Митя спит стоя. Нелегко все-таки за один день пережить и сходку в гимназии, и разодрание царского портрета, и поспешное бегство в отцовском костюме в Колмово, и пешую прогулку с Иваном на следующую пристань, и возвращение, несолоно хлебавши…
Анастасия Григорьевна укладывает Митю спать в кабинете Михаила Семеновича. Мы все еще сидим некоторое время молча за чайным столом, рассеянно слушая, как граммофон жалобно поет женским голосом: «Скоро, как сон, проходят дни счастья. В зиму весна обрати-и-ится опять…»
Потом расходимся.
Никто из нас не догадывается, что за этим последуют неожиданнейшие события и что Митя только первая ласточка в ряду укрываемых нами в Колмове людей.
5. Непонятные дни
Непонятные они оттого, что все в них словно сдвинуто с места, перевернулось вверх ногами. Все совершается непривычно, не так, как всегда. Все кажется лишенным логики или повинующимся какой-то иной логике, новой, ранее небывалой.
Всероссийская забастовка железных дорог… Поезда к нам не идут и от нас не уходят. Но почта все-таки с грехом пополам просачивается! Газеты доставляются, хотя и случайно, разрозненными номерами, но мы их получаем и читаем. Вернее было бы сказать: мы их пока читаем.

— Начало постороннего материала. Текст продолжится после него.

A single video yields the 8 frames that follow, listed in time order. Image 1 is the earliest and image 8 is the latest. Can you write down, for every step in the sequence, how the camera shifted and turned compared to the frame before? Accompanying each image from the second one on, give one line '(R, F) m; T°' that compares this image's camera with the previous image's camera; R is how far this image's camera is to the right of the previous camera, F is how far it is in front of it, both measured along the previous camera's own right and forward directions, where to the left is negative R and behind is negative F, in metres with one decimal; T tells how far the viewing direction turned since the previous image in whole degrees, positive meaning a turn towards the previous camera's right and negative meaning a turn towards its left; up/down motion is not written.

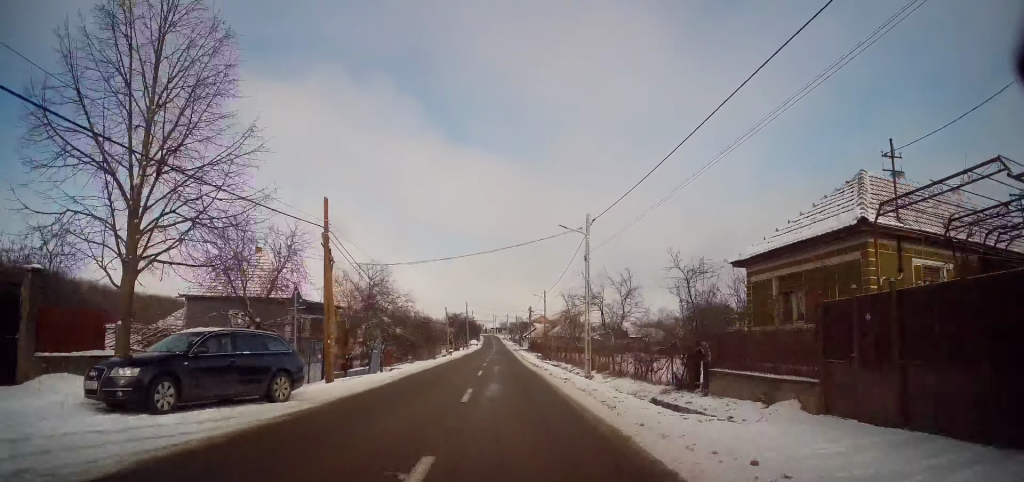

Забастовка такого исполинского организма, как железнодорожный транспорт в огромной стране, совершается и завершается не сразу. Не по мгновенной команде: «Встать!», «Сесть!», «Заприте дверь!» Нет, в забастовку вливаются, как ручьи в речку, каждый день все новые железнодорожные линии, сперва по одной в день, потом по нескольку. Первые сведения пришли 6 октября: «В Москве бастуют служащие Московско-Казанской железной дороги» (Здесь, как и дальше, все события датируются по старому стилю). Назавтра, 7 октября, то же было сообщено о Московско-Курской дороге. Еще через день, 8 октября, — о Ярославской, Рязано-Уральской, Киево-Воронежской, Нижегородской, Либаво-Роменской, Привислянских и Полесских железных дорогах. 9 октября в Петербурге происходит съезд железнодорожников; он вырабатывает и предъявляет правительству требования — не узкие, не только для железнодорожников, но широкие, общеполитические, для всей России. Чего требуют железнодорожники? Представительного правления, созыва Учредительного собрания, неприкосновенности личности, свободы слова, совести, собраний и союзов, национального самоопределения и т. д. Эти требования съезда — ультиматум. Железнодорожники объявляют его царскому правительству.